As part of the Regork team, our main goal is to find ways for the company to grow, especially by increasing sales of packaged candy between big holidays. Even though our grocery chain sells a lot of candy during events like Halloween and Christmas, there’s a noticeable slowdown in between these occasions. This is a significant problem that the CEO should address because it means there’s a chance to make more money. If we strategically boost candy sales during the times when there are no holidays, we can make more profit and make our customers happier.

To solve this challenge, we looked at Regork’s past sales data, checking how customers buy things and considering outside factors like weather, promotions, and local events. We used methods like time series analysis, predictive modeling, and customer segmentation to figure out patterns and what influences candy sales during non-holiday times. Tools like ggplot helped us see current sales patterns and what factors are affecting them.

Our goal is to give the CEO useful insights to come up with a plan to increase candy sales between major holidays. We suggest things like special promotions during specific times and for different groups of customers, placing candy in the store where customers are more likely to buy, and exploring partnerships or events to offer exclusive candy options. By using these data-driven ideas, we can take advantage of opportunities to make more money and keep our customers happy all year round. This way of thinking matches what our company aims for - to keep growing and making our customers satisfied.

PACKAGES REQUIRED

The following R packages are required in order to run the code in this R project:

library(tidyverse) # packages to perform data manipulation and visualization
library(completejourney) # relational data containing household transaction information
library(lubridate) # package to handle date manipulation

DATA TIDY

Data Sets Used

The four data sets which were used for this analysis:

Transactions
household_id
store_id
basket_id
product_id
quantity
sales_value
retail_disc
coupon_disc
coupon_match_disc
week
transaction_timestamp

Products
product_id
manufacturer_id
department
brand
product_category
product_type
package_size

Demographics
household_id
age
income
home_ownership
marital_status
household_size
household_comp
kids_count

Coupon_Redemptions
household_id
coupon_upc
campaign_id
redemption_date

Data Manipulation

The following R code aims to fetch transaction data and store it in a data frame named ‘transactions’. We will use the function get_transactions() to retrieve the transaction data. The fetched data will be organized and stored in a structured format using a data frame. The resulting data frame, named ‘transactions’, will be utilized for further analysis and processing

transactions <- get_transactions()

Candy Transactions: This combines transaction data with product details and demographic information to specifically focus on transactions related to packaged candies. This is achieved through a series of data manipulations, including joining the transactions and products datasets based on product IDs, filtering for entries with a product category indicative of packaged candy using regular expressions, and finally, joining the resulting dataset with demographic information based on household IDs.

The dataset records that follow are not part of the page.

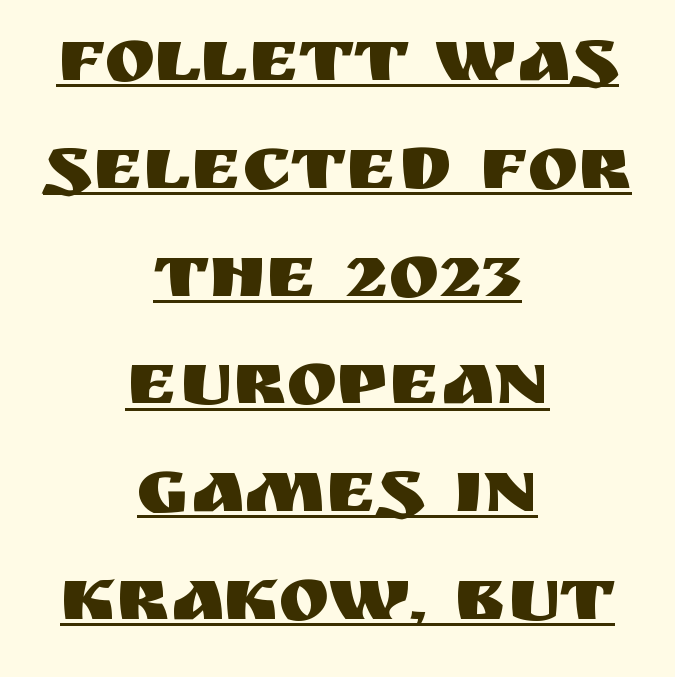
{"serif": "no", "italic": "no", "width": "normal", "stroke_contrast": "medium", "x_height": "large", "monospaced": "no", "underline": "yes", "align": "center", "line_spacing": "normal", "line_spacing_ratio": 1.4, "letter_spacing": "normal", "letter_spacing_em": 0.0, "glyph_px": 77}
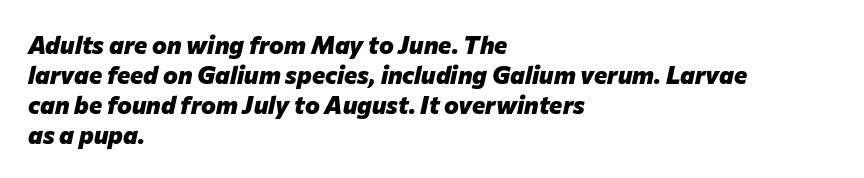
{"italic": "yes", "lean": "right", "slant_degrees": 12, "bold": "yes", "underline": "no", "align": "left", "line_spacing_ratio": 1.2, "letter_spacing": "normal", "letter_spacing_em": 0.0, "glyph_px": 25}
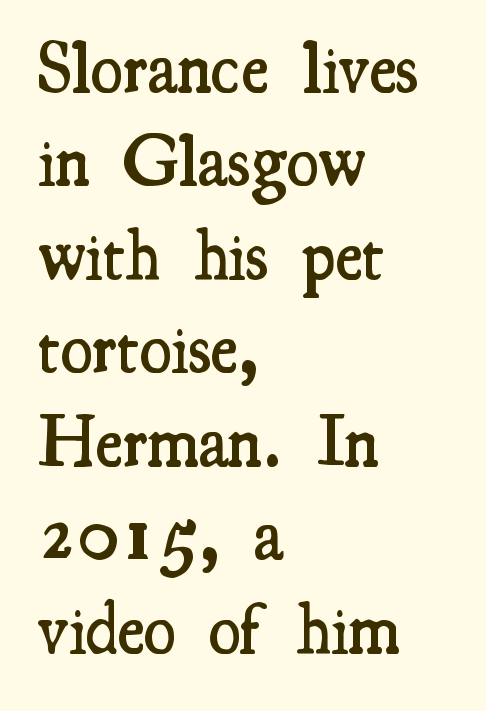
The image shows 73 px semibold, condensed serif type, upright; set left-aligned, normal line spacing (1.28x), normal letter spacing, not underlined; medium stroke contrast and a small x-height.
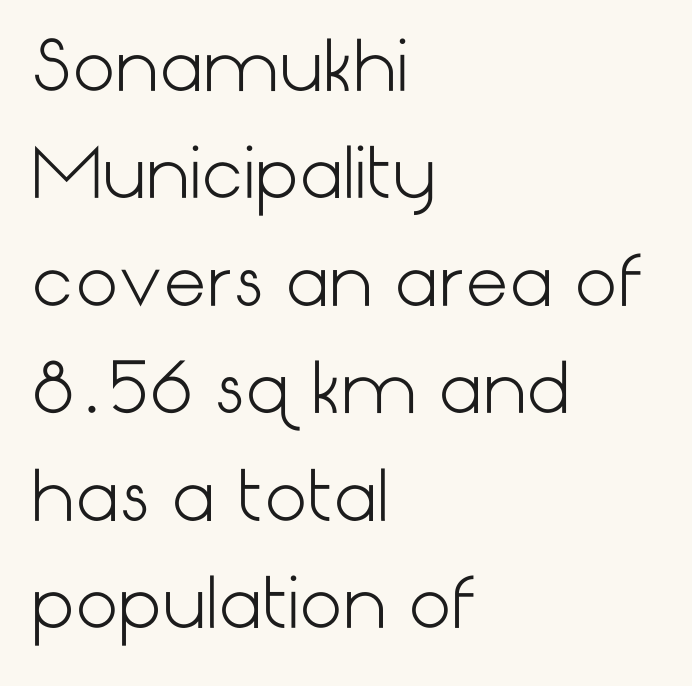
Q: Is the text bold? A: No.
Q: Is the text italic (slanted)? A: No, it is upright.
Q: Is the typeface a serif or a sans-serif typeface? A: Sans-serif.
Q: Is the text underlined? A: No.
Q: How is the paragraph aligned? A: Left-aligned.
Q: Is the spacing between letters normal or unusually wide? A: Normal.
Q: Is the spacing between lines tight, normal or loose? A: Normal.
Q: Width (condensed, normal, or wide)? A: Normal.
Q: Stroke contrast? A: Low.
Q: x-height? A: Medium.
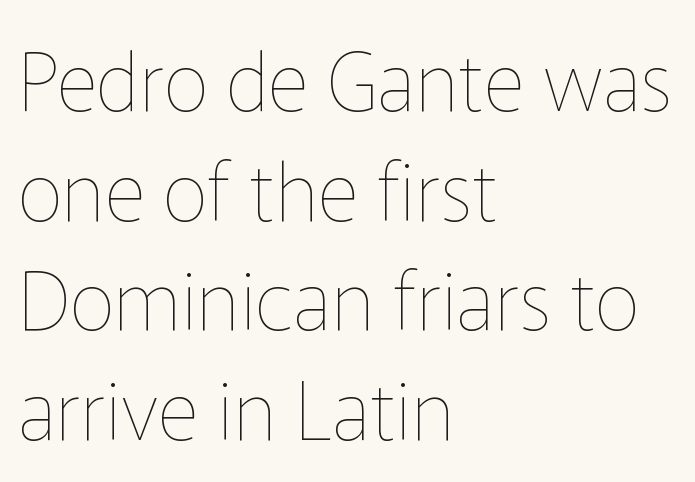
Q: Is the text bold? A: No.
Q: Is the text italic (slanted)? A: No, it is upright.
Q: Is the text underlined? A: No.
Q: How is the paragraph aligned? A: Left-aligned.
Q: Is the spacing between letters normal or unusually wide? A: Normal.
Q: Is the spacing between lines tight, normal or loose? A: Normal.
Q: Width (condensed, normal, or wide)? A: Normal.
Q: Stroke contrast? A: Low.
Q: x-height? A: Medium.
Q: Monospaced? A: No.
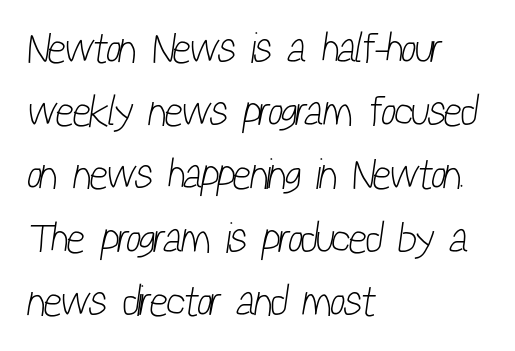
{"serif": "no", "bold": "no", "weight": "light", "width": "condensed", "stroke_contrast": "low", "x_height": "medium", "monospaced": "no", "underline": "no", "align": "left", "line_spacing": "normal", "line_spacing_ratio": 1.47, "letter_spacing": "normal", "letter_spacing_em": 0.0, "glyph_px": 43}
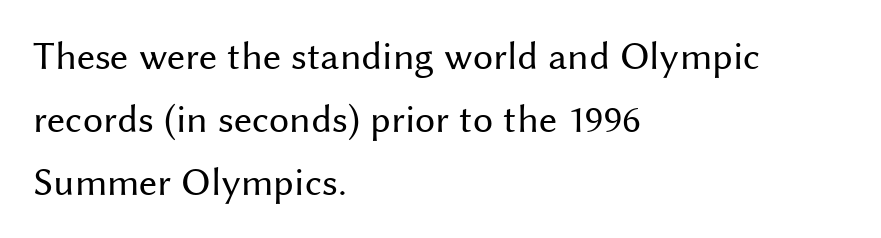
{"serif": "no", "italic": "no", "bold": "no", "weight": "regular", "width": "normal", "stroke_contrast": "medium", "x_height": "medium", "monospaced": "no", "underline": "no", "align": "left", "line_spacing": "normal", "line_spacing_ratio": 1.57, "letter_spacing": "normal", "letter_spacing_em": 0.0, "glyph_px": 40}
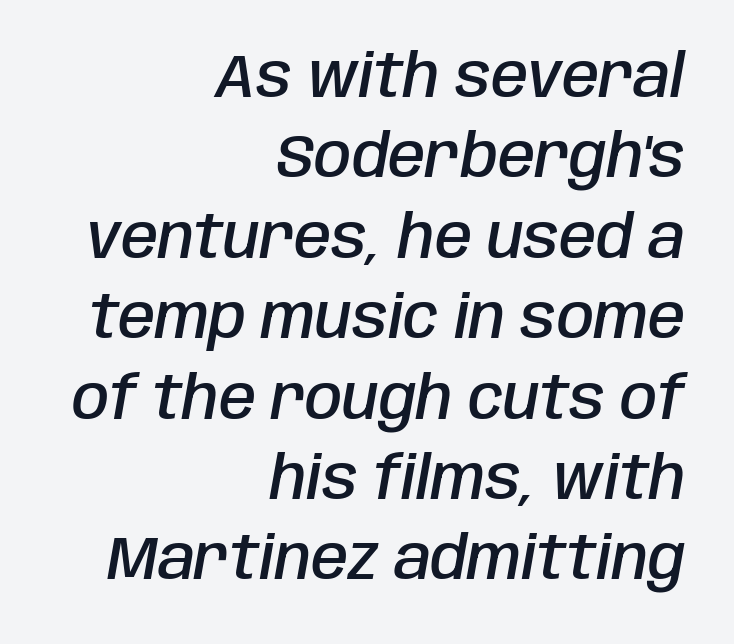
Q: Is the text bold? A: Semi-bold.
Q: Is the text italic (slanted)? A: Yes, it leans right by about 10 degrees.
Q: Is the text underlined? A: No.
Q: How is the paragraph aligned? A: Right-aligned.
Q: Is the spacing between letters normal or unusually wide? A: Normal.
Q: Is the spacing between lines tight, normal or loose? A: Normal.
Q: Width (condensed, normal, or wide)? A: Condensed.
Q: Stroke contrast? A: Low.
Q: x-height? A: Large.
Q: Monospaced? A: No.
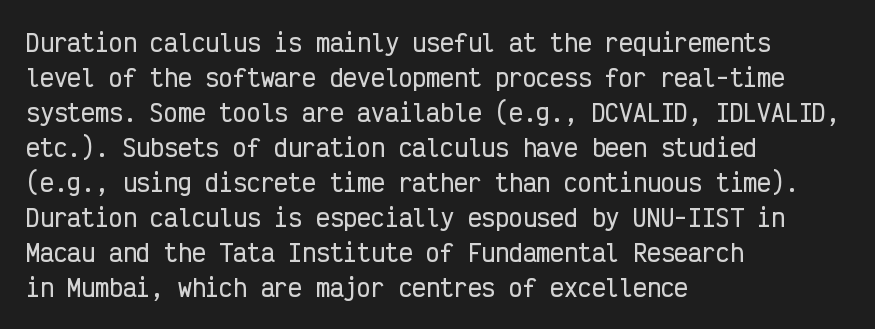
The image shows 23 px text type, upright; set left-aligned, normal line spacing (1.52x), normal letter spacing, not underlined.
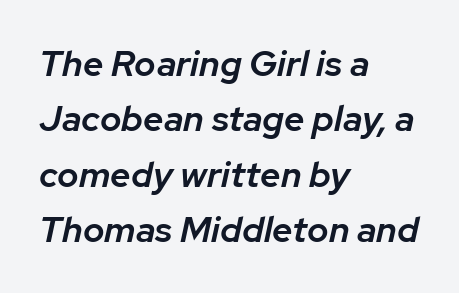
Q: Is the text bold? A: Semi-bold.
Q: Is the text italic (slanted)? A: Yes, it leans right by about 12 degrees.
Q: Is the text underlined? A: No.
Q: How is the paragraph aligned? A: Left-aligned.
Q: Is the spacing between letters normal or unusually wide? A: Normal.
Q: Is the spacing between lines tight, normal or loose? A: Normal.
Q: Width (condensed, normal, or wide)? A: Normal.
Q: Stroke contrast? A: Low.
Q: x-height? A: Medium.
Q: Monospaced? A: No.
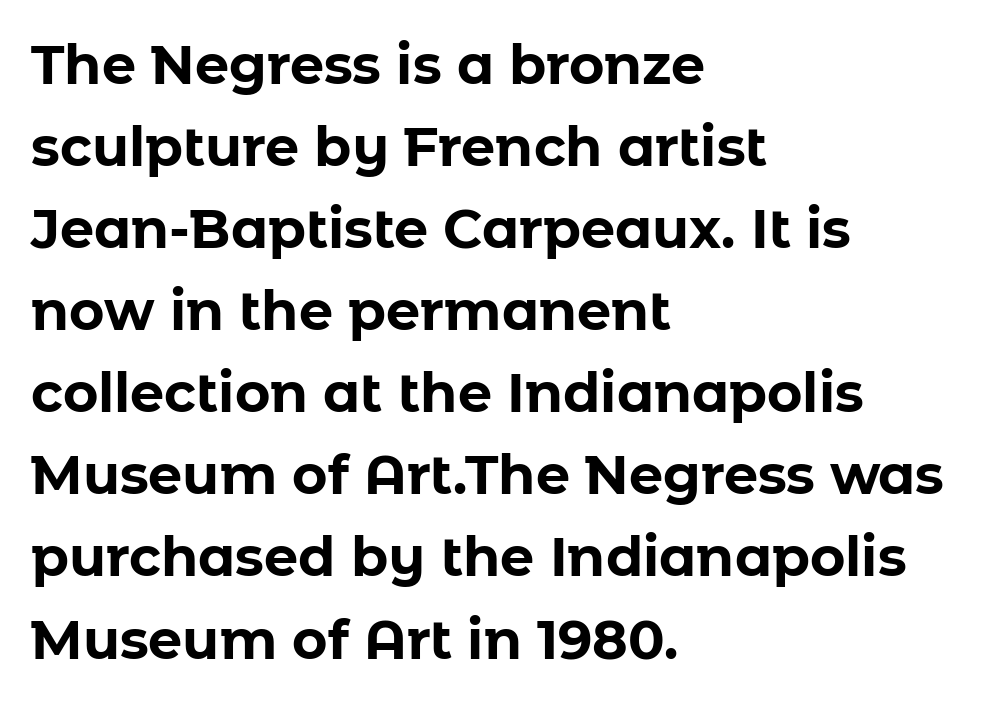
{"serif": "no", "italic": "no", "bold": "yes", "weight": "bold", "width": "normal", "stroke_contrast": "low", "x_height": "medium", "monospaced": "no", "underline": "no", "align": "left", "line_spacing": "normal", "line_spacing_ratio": 1.52, "letter_spacing": "normal", "letter_spacing_em": 0.0, "glyph_px": 54}
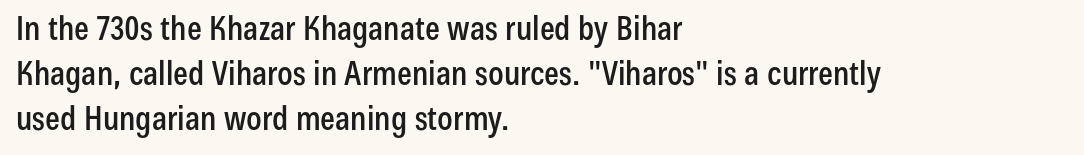
Q: Is the text italic (slanted)? A: No, it is upright.
Q: Is the typeface a serif or a sans-serif typeface? A: Sans-serif.
Q: Is the text underlined? A: No.
Q: How is the paragraph aligned? A: Left-aligned.
Q: Is the spacing between letters normal or unusually wide? A: Normal.
Q: Is the spacing between lines tight, normal or loose? A: Normal.
Q: Width (condensed, normal, or wide)? A: Condensed.
Q: Stroke contrast? A: Low.
Q: x-height? A: Medium.
Q: Monospaced? A: No.
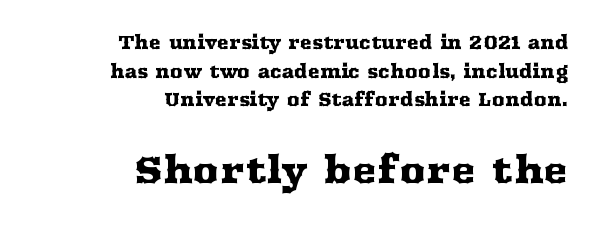
Q: Is the text italic (slanted)? A: No, it is upright.
Q: Is the typeface a serif or a sans-serif typeface? A: Serif.
Q: Is the text underlined? A: No.
Q: How is the paragraph aligned? A: Right-aligned.
Q: Is the spacing between letters normal or unusually wide? A: Normal.
Q: Is the spacing between lines tight, normal or loose? A: Normal.
Q: Which block of text is set in a larger size, the first (top) or the second (bottom)? A: The second (bottom) one.
Q: Width (condensed, normal, or wide)? A: Wide.
Q: Stroke contrast? A: Medium.
Q: x-height? A: Medium.
Q: Monospaced? A: No.
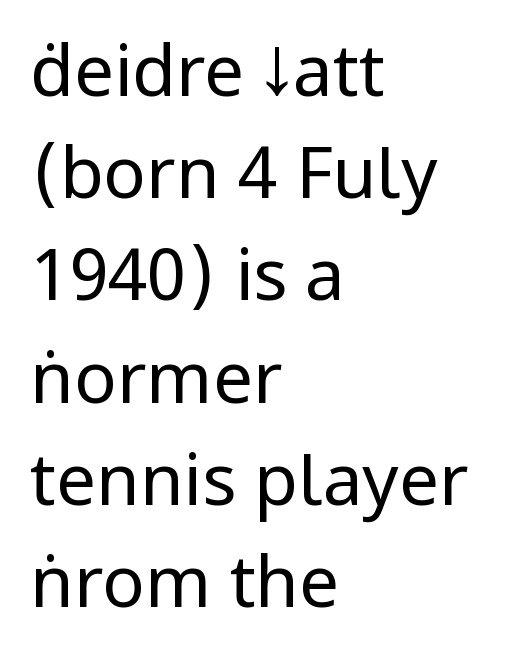
{"serif": "no", "italic": "no", "bold": "no", "weight": "regular", "width": "condensed", "stroke_contrast": "low", "x_height": "large", "monospaced": "no", "underline": "no", "align": "left", "line_spacing": "normal", "line_spacing_ratio": 1.44, "letter_spacing": "normal", "letter_spacing_em": 0.0, "glyph_px": 71}
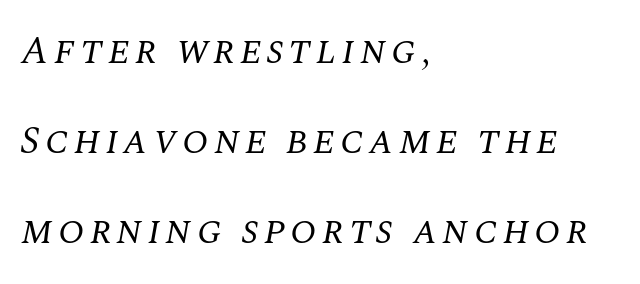
The axis of the letterforms is tilted away from vertical. Looks like regular typesetting: each glyph gets only the width it needs. In terms of leading, this rendering errs on the spacious side. The rendering shows small feet on the letterforms — a serif design. Weight: regular or lighter. Short and long lines alike share a common starting point at left.
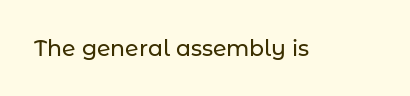
Tall strokes in this sample are plumb rather than angled. Short note: letters normally spaced. Lines of text with bare space underneath.
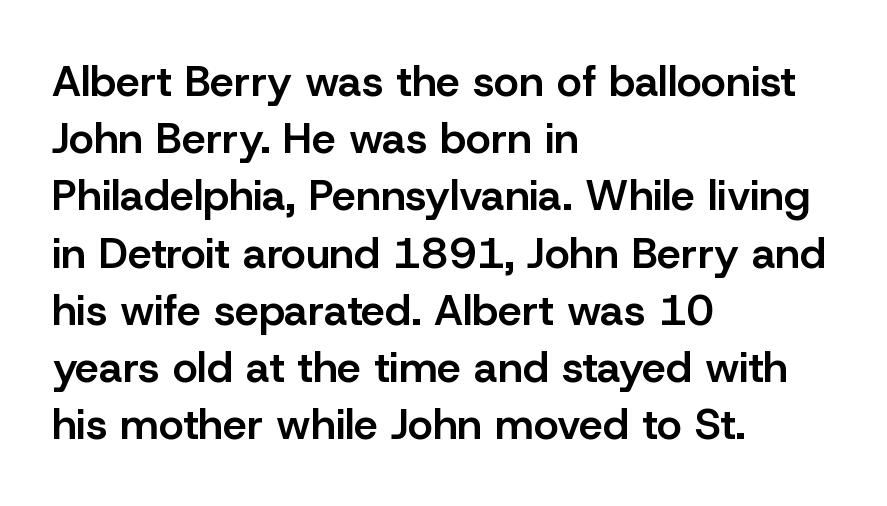
Evenly set lines give the paragraph a standard silhouette. These lines are composed in type without serifs. You could call the tracking neutral — neither tight nor loose. This is moderately heavy type, rendered in semibold. The face used here is proportionally spaced, like ordinary book or web type. Check the space under the baseline: it is left empty.
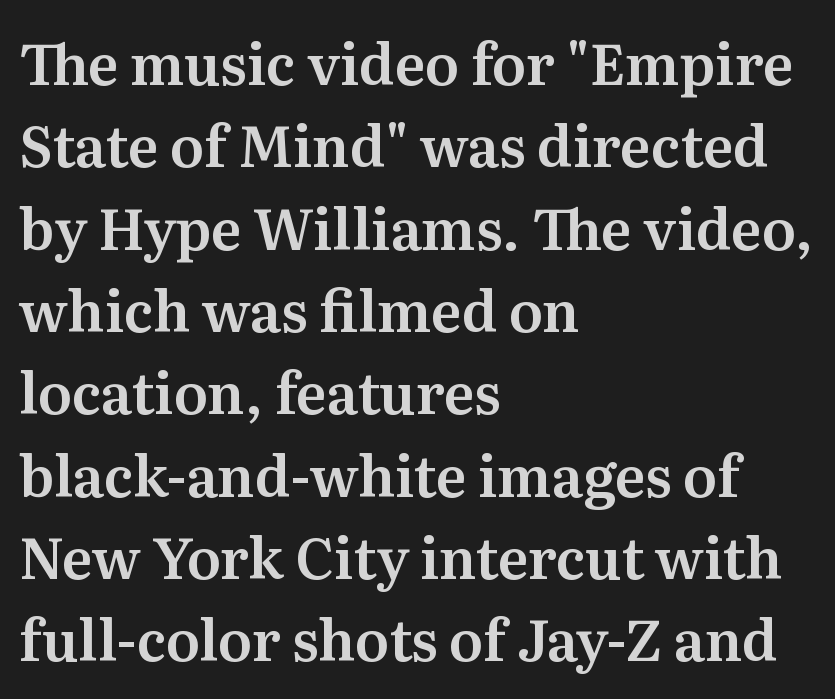
The image shows 56 px serif type, upright; set left-aligned, normal line spacing (1.47x), normal letter spacing, not underlined; medium stroke contrast and a medium x-height.
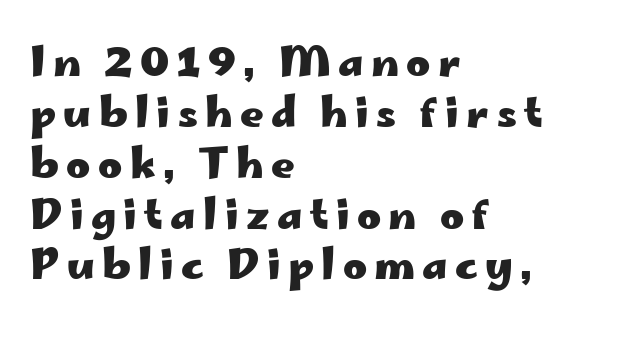
{"serif": "no", "italic": "no", "bold": "yes", "weight": "heavy", "width": "wide", "stroke_contrast": "low", "x_height": "small", "monospaced": "no", "underline": "no", "align": "left", "line_spacing_ratio": 1.24, "glyph_px": 41}
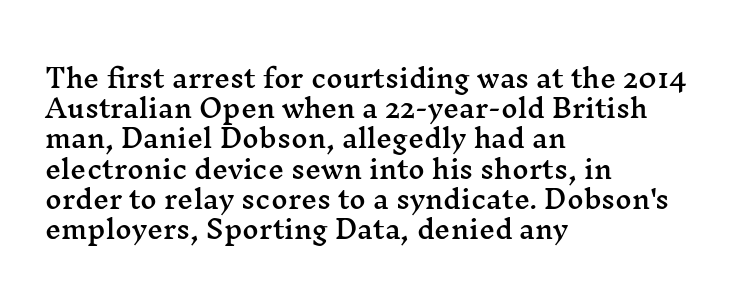
Q: Is the text italic (slanted)? A: No, it is upright.
Q: Is the text underlined? A: No.
Q: How is the paragraph aligned? A: Left-aligned.
Q: Is the spacing between letters normal or unusually wide? A: Normal.
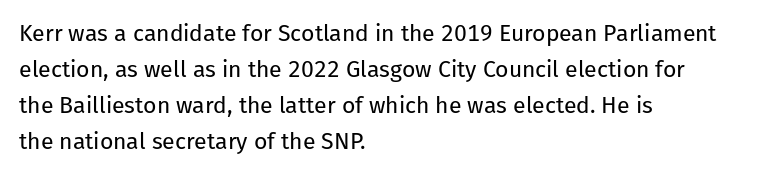
{"italic": "no", "bold": "no", "underline": "no", "align": "left", "line_spacing": "normal", "line_spacing_ratio": 1.57, "letter_spacing": "normal", "letter_spacing_em": 0.0, "glyph_px": 23}
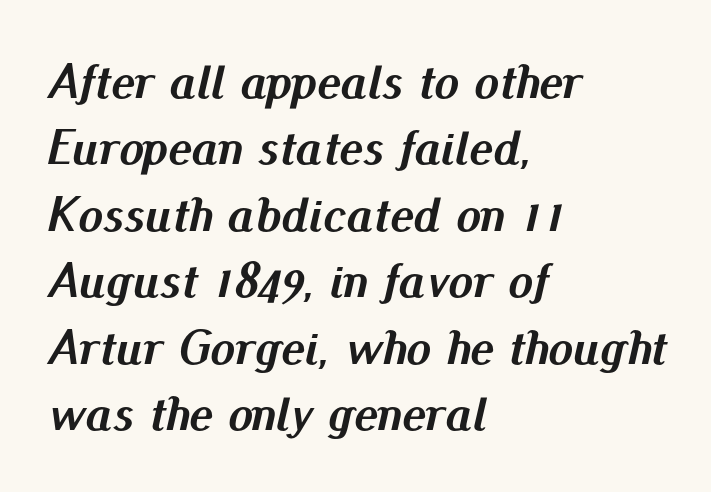
Q: Is the text bold? A: Yes.
Q: Is the text italic (slanted)? A: Yes, it leans right by about 13 degrees.
Q: Is the text underlined? A: No.
Q: How is the paragraph aligned? A: Left-aligned.
Q: Is the spacing between letters normal or unusually wide? A: Normal.
Q: Is the spacing between lines tight, normal or loose? A: Normal.
Q: Width (condensed, normal, or wide)? A: Normal.
Q: Stroke contrast? A: Medium.
Q: x-height? A: Small.
Q: Monospaced? A: No.

candyData <- transactions %>%
  inner_join(products, by = "product_id") %>%
  filter(str_detect(product_category, regex("candy - packaged", ignore_case = TRUE))) %>%
  inner_join(demographics, by = "household_id")

Coupon Data: Combines coupon redemption data with demographic information to gain insights into the utilization of coupons among various demographic groups. This is achieved through an inner join operation, connecting coupon_redemptions and demographics datasets based on household IDs.

couponData <- coupon_redemptions %>%
  inner_join(demographics, by = "household_id")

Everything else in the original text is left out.